In the Russian draft resolution a priority of the UN mission is defined as providing armed security inspections Special monitoring mission of the OSCE. Geographical area of the mandate “blue helmets” applies to the whole conflict zone, as observers of the OSCE in accordance with the agreed mandate, should be provided full access when conducting their inspections. It is to be noted that the whole area of conflict – means full access to the territories controlled by militias, and the territory controlled by Ukraine. A preliminary and necessary to carry out the terms of deployment of such a mission are the ceasefire, withdrawal of heavy weapons under the Minsk agreements (in the prescribed security zone) and approval of the mandate of the mission with representatives of DNR and LC.

The United States insists on the broader mandate of the UN mission, proposed by the Ukrainian side.
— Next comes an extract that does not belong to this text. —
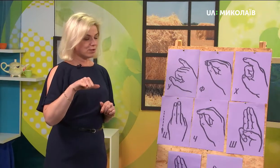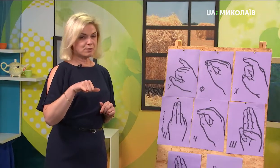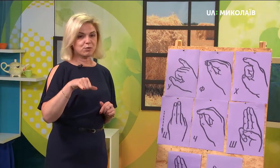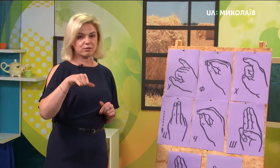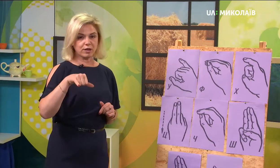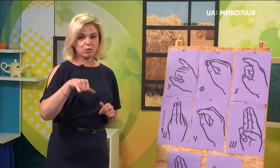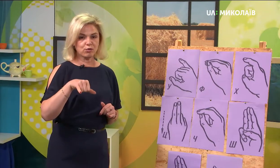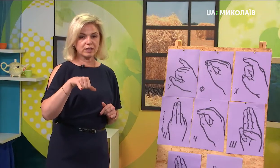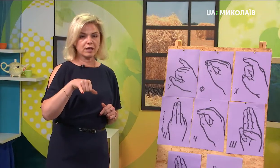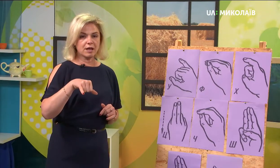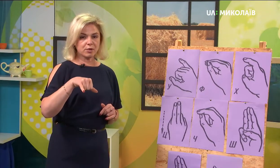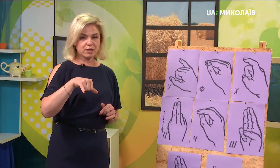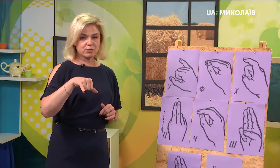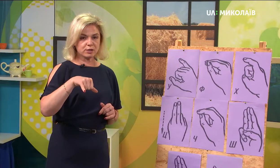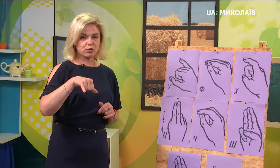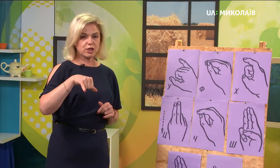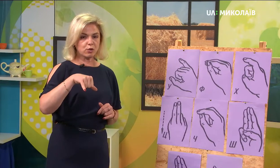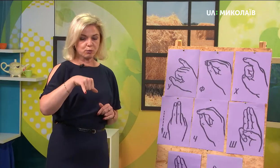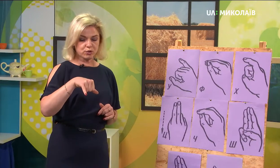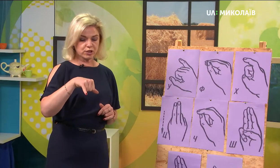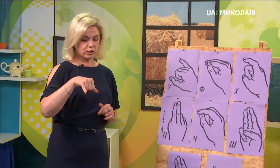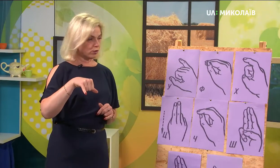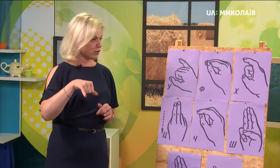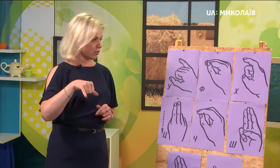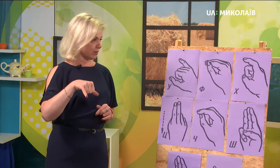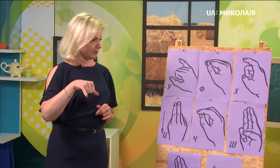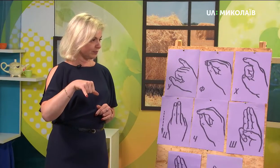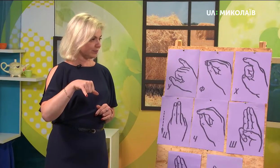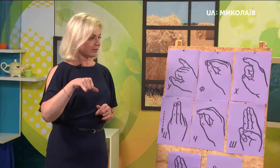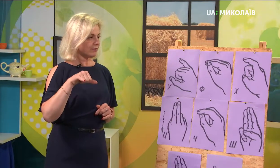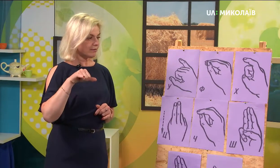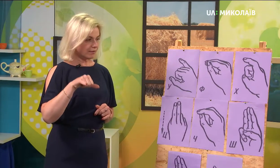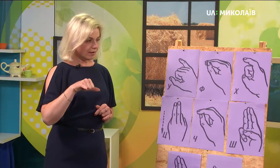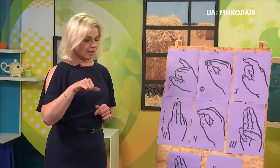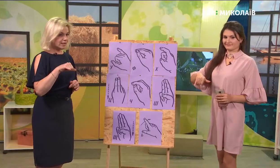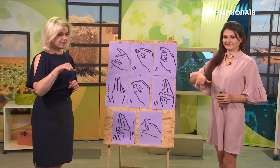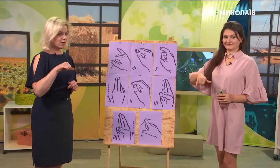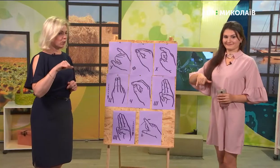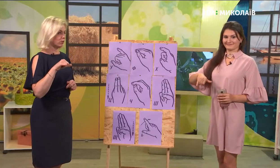оце буковка У, вона показується трошки опущений кулачок. Літера У.

Washington opposes the mission to protect OSCE observers and considers necessary the introduction of a full peacekeeping mission because, in his opinion, the security of the OSCE observers, peacekeepers should be mandated to monitor the Ukrainian-Russian border and the disarmament of the warring parties. The latter refers exclusively to “illegal armed groups”, that is, the armed forces of the DPR and LPR militias.

In fact, the current United States position is that using the “blue helmets” to completely block the border of Donbass with Russia, to disarm the militias and, in this way, to solve the so-called security problems. After that, as promised by the American negotiators, Kiev will be able to proceed with the implementation of the political block of the Minsk agreements. However, no specific guarantees and mechanisms, how it can be done, neither Washington nor Kiev does not provide, limited to declarative statements.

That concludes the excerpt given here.